I've yet to try the Auzentech X-FI prelude, I'm a bit put off because of Creatives flacky history despite reading good reviews.


----------



## btarunr (Nov 27, 2007)

Darren said:


> I thought the X-meridian had 128 voices? http://auzentech.officewebsiteonline.com/data/FinalComparisonChart1.pdf
> 
> Although the X-meridian is out of production, you have to respect Auzentech for continuing it's support indefinitely. Not that it needs much support as it's current drivers are practically flawless.
> 
> I've yet to try the Auzentech X-FI prelude, I'm a bit put off because of Creatives flacky history despite reading good reviews.



Those are driver-enabled software voices, fool.

The CA-20K1 audio processor on X-Fi cards (excluding Xtreme Audio) has Hardware mixing of voices where the OS relays raw stacks of audio data (samples) to the card and the audio processor does the job of translating them into the digital signal that either go to the SPDIF or to the DAC, OPAMP and finally to the speakers. 

Whereas in a card like X-Meridean, the hardware can take only 16 simultaneous voices. The driver makes the CPU do the mixing job for 128 simultaneous voices, depending on the speaker configuration and the audio channels required by the stream (stereo/quad/5.1/7.1), these 16 voices are allocated by the CMI-8788, the processed stream is delivered to the 8788 which simply forwards the digital signal to the DAC(s) and OPAMP(s).

If you ask me about the number of software voices of the X-Fi series cards, there are...hold your breath...65536.

Well, I'm a patron of Auzen too. I really like their support. Rumors run that Creative played foul here and gave its X-Fi technology to Auzen on the condition that they stop the production of the X-Meridean. They didn't want to have two competing high-end products from Auzen. Auzen is a small company with the hunger to grow. They had little choice but to abandon X-Meridean's production in the hope that X-Fi Prelude would make up for the sales (which it didn't). On the website, they simply gave a lame excuse that "We stopped production because of chipset unavailability". Bullshit. If that was the case, C-Media would list the CMI-8788 into "archived products" and not "flagship products". Secondly you have another card, the HT Omega Claro Plus that uses the same chipset and is very-much in production. It uses the DACs made by Analog Devices. Sounds awsome on my cousin's rig.


----------



## Darren (Nov 27, 2007)

btarunr said:


> Those are driver-enabled software voices, fool.
> 
> The CA-20K1 audio processor on X-Fi cards (excluding Xtreme Audio) has Hardware mixing of voices where the OS relays raw stacks of audio data (samples) to the card and the audio processor does the job of translating them into the digital signal that either go to the SPDIF or to the DAC, OPAMP and finally to the speakers.
> 
> ...



From what I've read the upgrade from an X-meridian to an X-FI is still a trade off, especially if running a 7.1 hi-fi system, because according to the specs the Prelude can only manage 92kHz in 7.1 opposed to 192kHz in 7.1 from the X-meridian.

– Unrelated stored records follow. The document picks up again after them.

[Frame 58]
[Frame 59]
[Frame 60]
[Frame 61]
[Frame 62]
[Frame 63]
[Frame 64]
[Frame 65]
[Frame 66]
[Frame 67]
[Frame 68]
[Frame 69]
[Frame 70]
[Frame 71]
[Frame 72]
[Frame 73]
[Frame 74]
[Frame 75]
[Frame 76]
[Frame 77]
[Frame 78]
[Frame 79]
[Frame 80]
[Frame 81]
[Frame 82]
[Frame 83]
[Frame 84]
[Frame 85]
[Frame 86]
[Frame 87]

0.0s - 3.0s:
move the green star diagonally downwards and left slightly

Why are they supposedly offering an upgraded card if they are downgrading the spec in one aspect?

Secondly I read some reviews where people are installing two sound cards together, usually one of the x-fi cards along with a DDL capable cards, I've yet to see the benefits of this, does it offer any more enhancements apart from having access to higher EAX features?


----------



## btarunr (Nov 28, 2007)

Darren said:


> From what I've read the upgrade from an X-meridian to an X-FI is still a trade off, especially if running a 7.1 hi-fi system, because according to the specs the Prelude can only manage 92kHz in 7.1 opposed to 192kHz in 7.1 from the X-meridian. Why are they supposedly offering an upgraded card if they are downgrading the spec in one aspect?
> 
> Secondly I read some reviews where people are installing two sound cards together, usually one of the x-fi cards along with a DDL capable cards, I've yet to see the benefits of this, does it offer any more enhancements apart from having access to higher EAX features?



You're right on the 192 KHz in 7.1 part. That's because there's a separate 48 KHz DAC per two channels, 4 DAC chips in all (4 x 48= 192) Whereas X-Fi cards use a single 8-channel DAC made by Cirrus Logic or AKM.

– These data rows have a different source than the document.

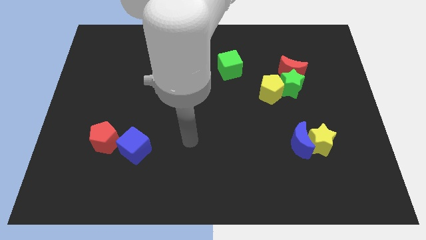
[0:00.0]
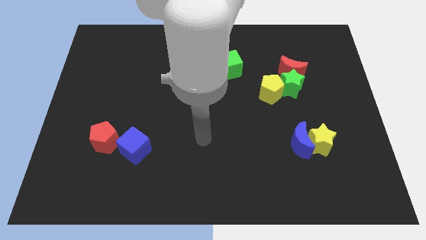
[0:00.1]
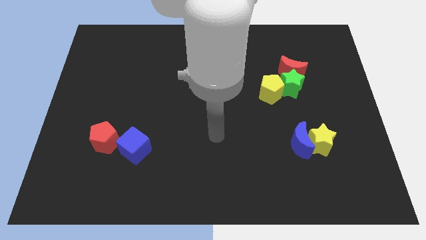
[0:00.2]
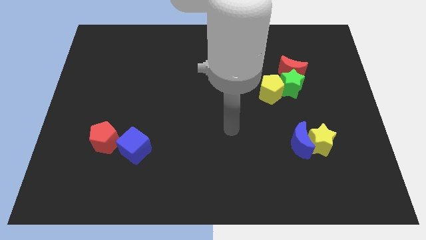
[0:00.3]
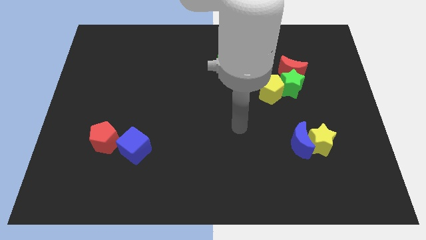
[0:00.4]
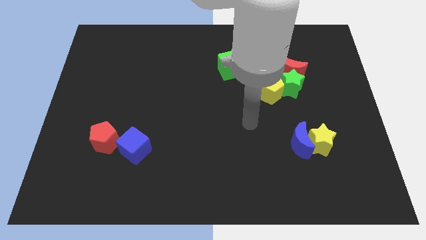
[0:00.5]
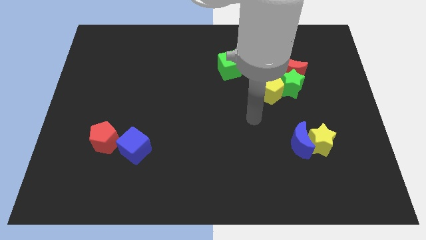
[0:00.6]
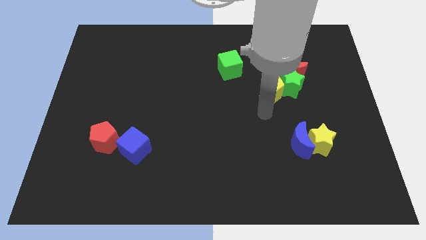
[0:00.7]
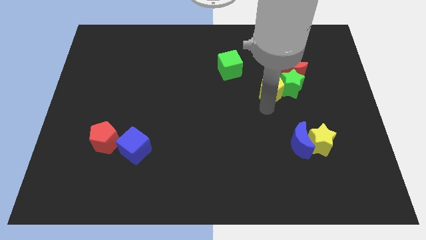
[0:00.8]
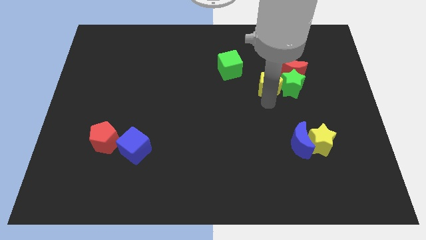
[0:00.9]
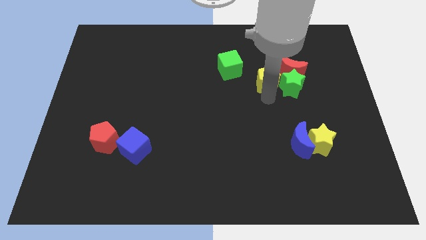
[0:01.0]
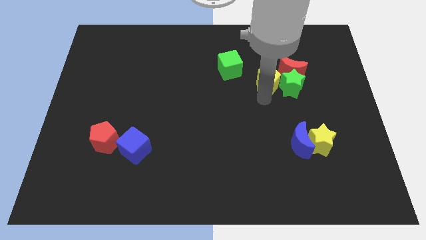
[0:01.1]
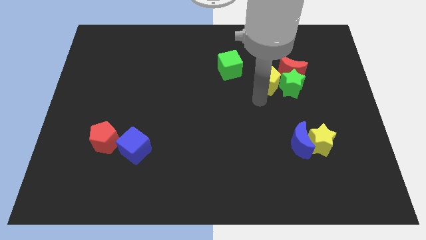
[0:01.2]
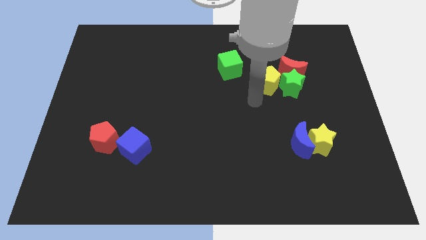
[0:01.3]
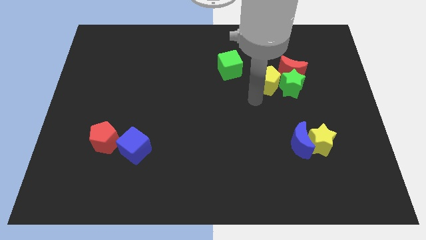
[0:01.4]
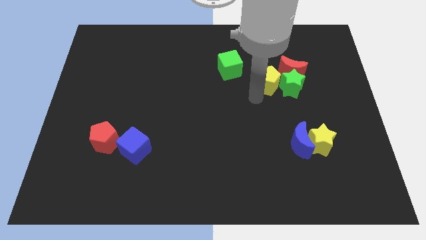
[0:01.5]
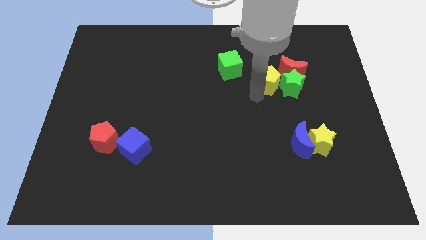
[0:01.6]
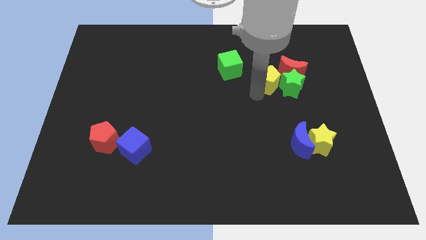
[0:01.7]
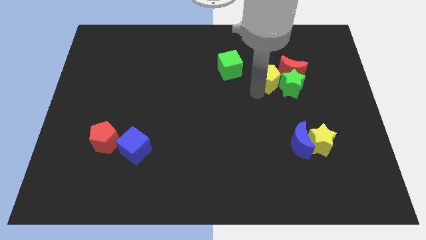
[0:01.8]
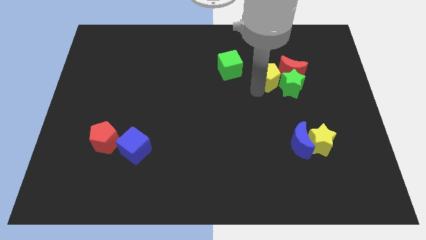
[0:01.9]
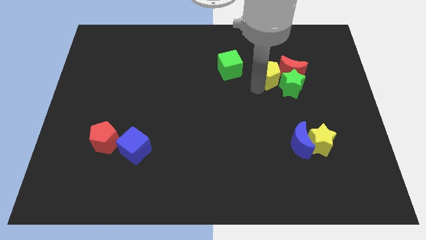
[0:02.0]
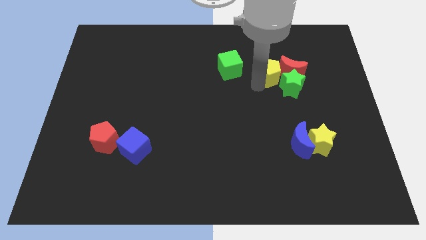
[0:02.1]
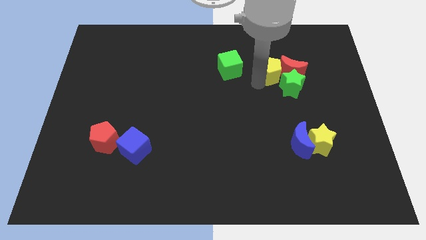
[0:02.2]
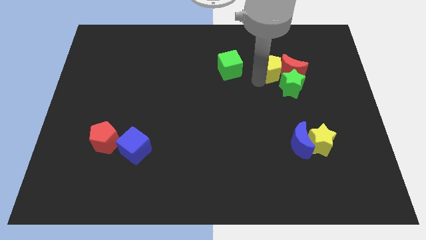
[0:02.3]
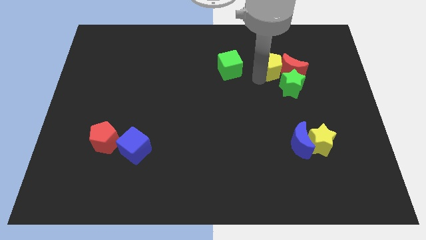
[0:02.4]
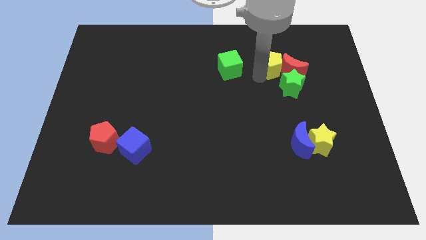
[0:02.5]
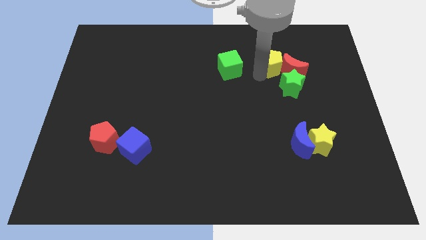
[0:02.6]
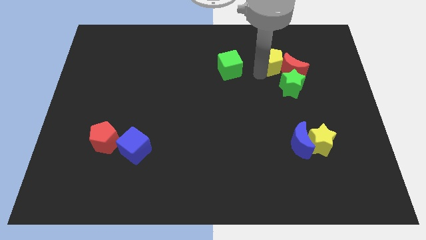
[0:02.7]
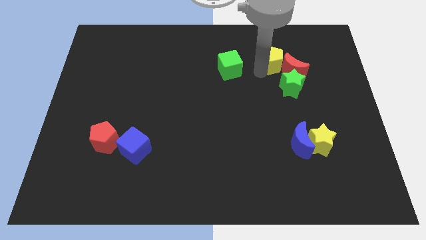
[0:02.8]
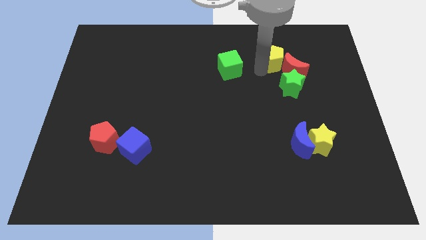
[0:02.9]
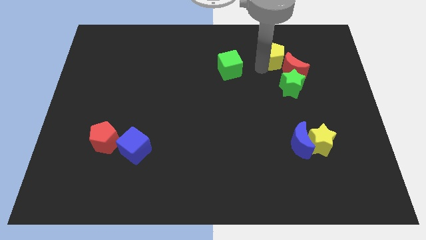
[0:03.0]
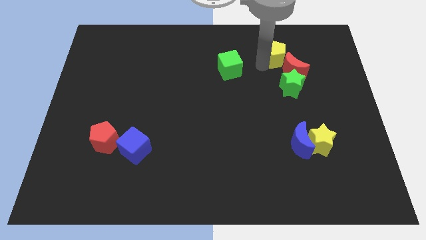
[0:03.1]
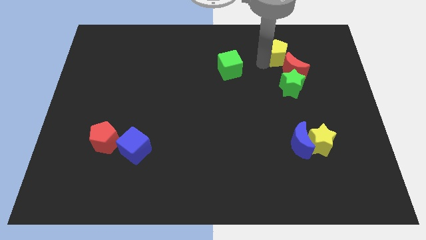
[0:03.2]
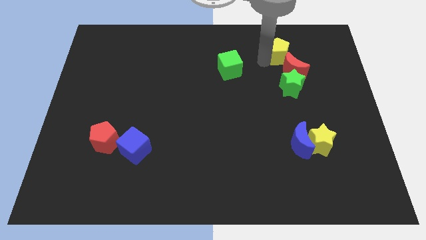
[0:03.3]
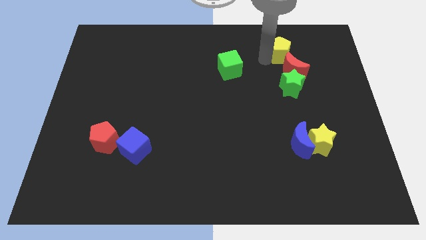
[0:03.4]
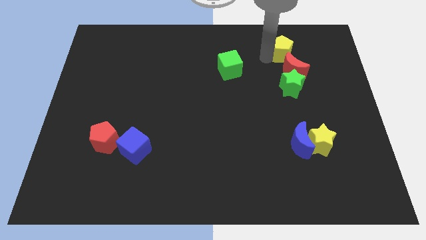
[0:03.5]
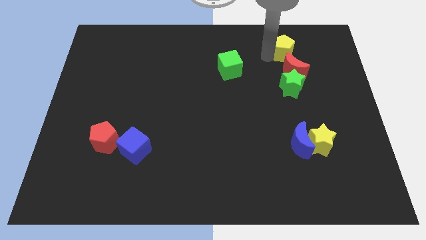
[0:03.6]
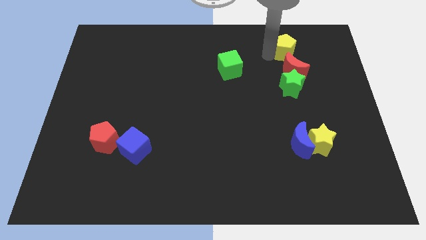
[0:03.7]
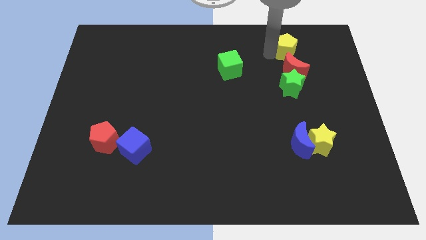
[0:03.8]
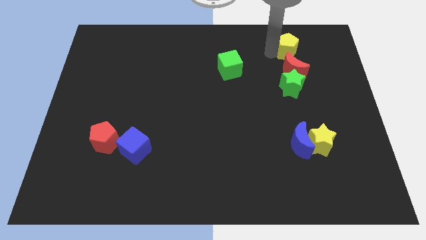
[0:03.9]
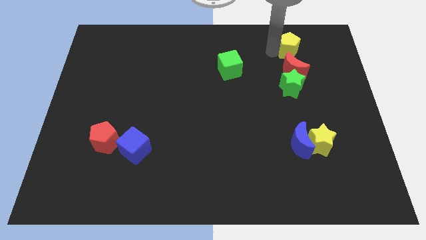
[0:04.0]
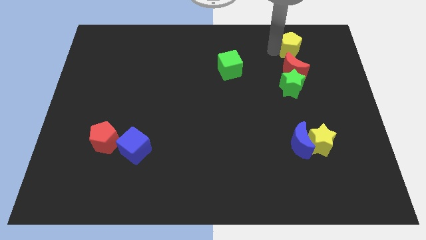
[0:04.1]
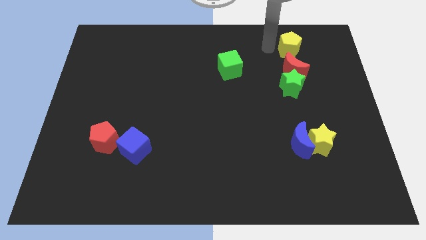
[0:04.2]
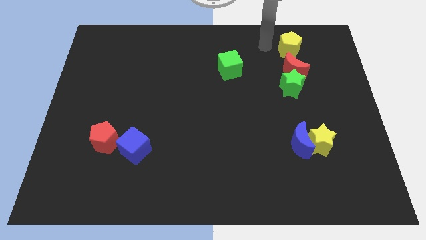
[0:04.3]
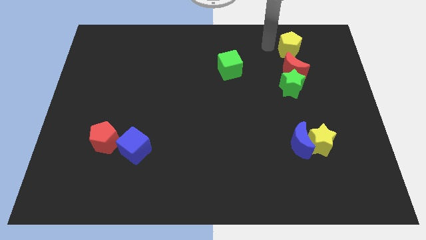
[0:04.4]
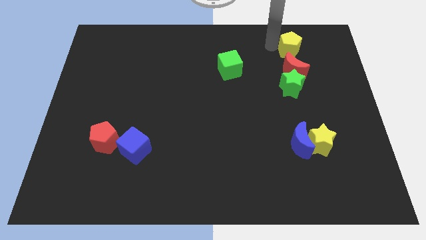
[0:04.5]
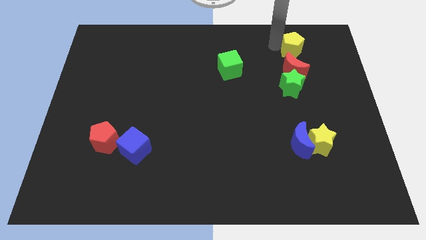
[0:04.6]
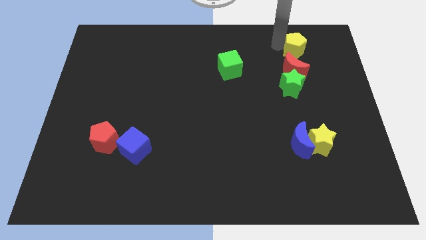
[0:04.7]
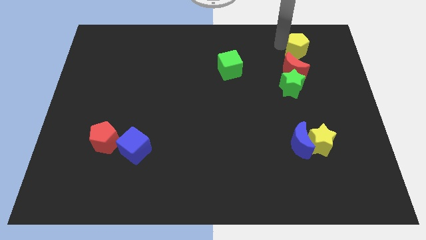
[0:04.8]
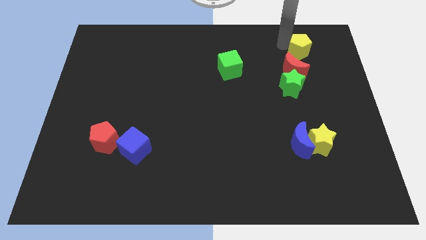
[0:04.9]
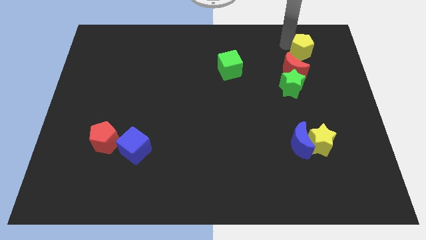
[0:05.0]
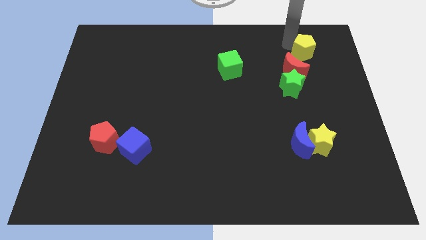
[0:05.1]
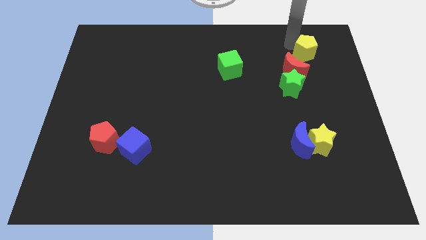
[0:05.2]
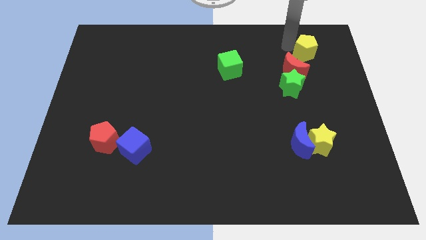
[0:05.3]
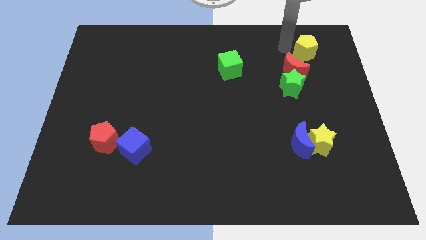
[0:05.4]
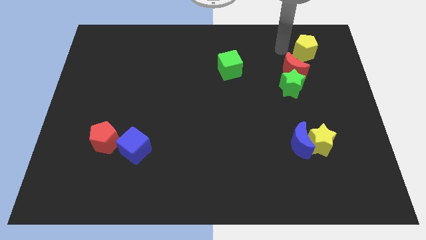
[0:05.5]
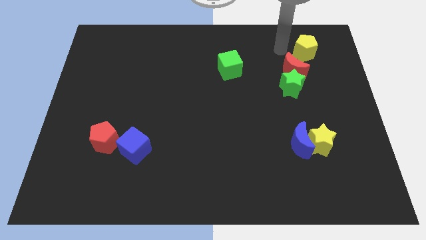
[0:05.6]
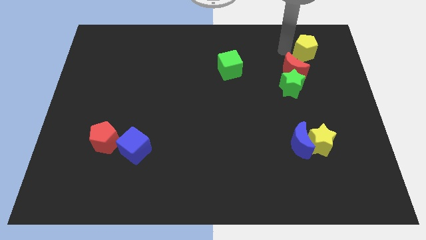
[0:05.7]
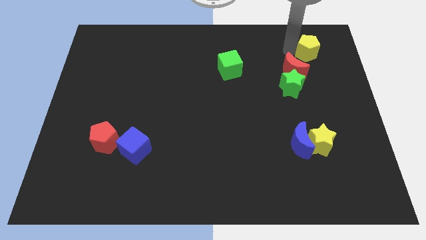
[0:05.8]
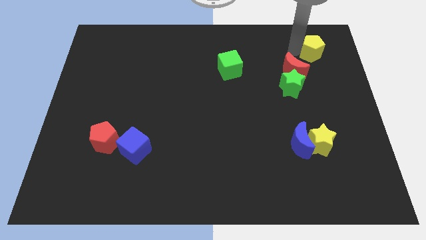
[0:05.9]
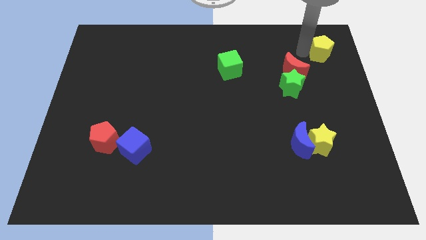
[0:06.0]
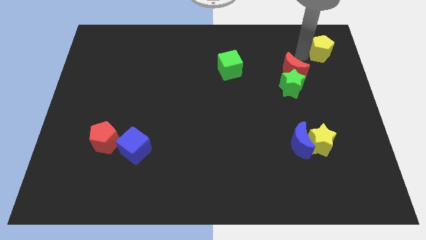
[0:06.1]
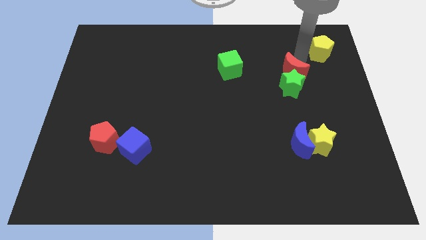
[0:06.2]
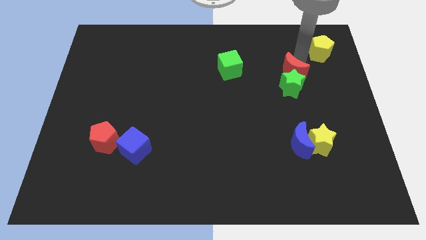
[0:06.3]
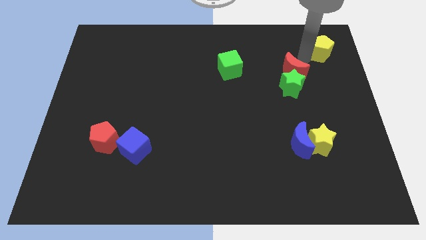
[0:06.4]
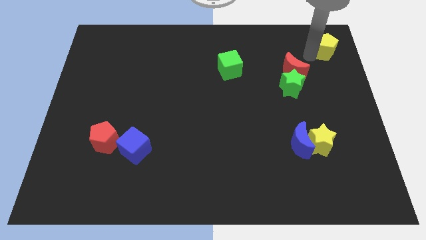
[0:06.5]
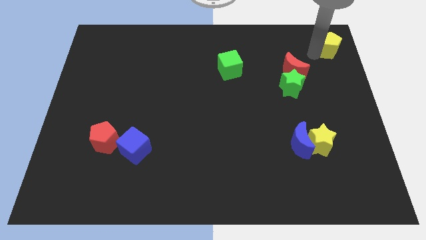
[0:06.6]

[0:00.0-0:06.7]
move the yellow pentagon to the top right corner

If you're good at cable-management, then two cards is not a bad idea.


----------



## Solaris17 (Jan 17, 2008)

hey guys im moving 775 and the asus board im looking at comes with one of these and i was about to start a thread but at anyrate....do you think this will be better than my live 24bit? i thihk mine supports eax 3.0 though....and i was also wondering does this have an onboard processing chip like the x-fi?


----------



## btarunr (Jan 17, 2008)

Solaris17 said:


> hey guys im moving 775 and the asus board im looking at comes with one of these and i was about to start a thread but at anyrate....do you think this will be better than my live 24bit? i thihk mine supports eax 3.0 though....and i was also wondering does this have an onboard processing chip like the x-fi?


^Nope, the SupremeFX does not support EAX 3.0 

It doesn't have any native processing. It's merely that ASUS ran out of space on the board to cram in audio circuitry so they just put it up into a neat looking audio-riser card with a Realtak codec, solid-capacitors and  neat-looking EMI shielding.


----------



## Solaris17 (Jan 17, 2008)

realtek? nvm i lied guess when i buy the board im selling that part of it


----------



## btarunr (Jan 17, 2008)

^I'm not sure if the card would work without with board as a single unit though it has the standard PCI-E x1 interface. Most ASUS boards that have riser cards such as SupremeFX and SupremeFX II have part of the connectors on the main-board, such as co-axial/optical SPDIF. I don't think the drivers would work for the card if it's used on any other board because the Realtek codec that's used conforms to the Intel Azalia specifications where the drivers coded are extremely specific to the Intel HDA bus on the motherboards' southbridge. And the one that ASUS packs with the X38 / P35 based boards are specific to the Intel ICH9R. So the compatibility with other boards/chipsets is highly in doubt at least from the driver POV.  

In short, the SupremeFX is just like the DFI Bernstein audio riser and the ones that ship with a few Abit boards.


----------



## BullGod (Jan 17, 2008)

smartphone said:


> HAI GUISE



This is a classic!


----------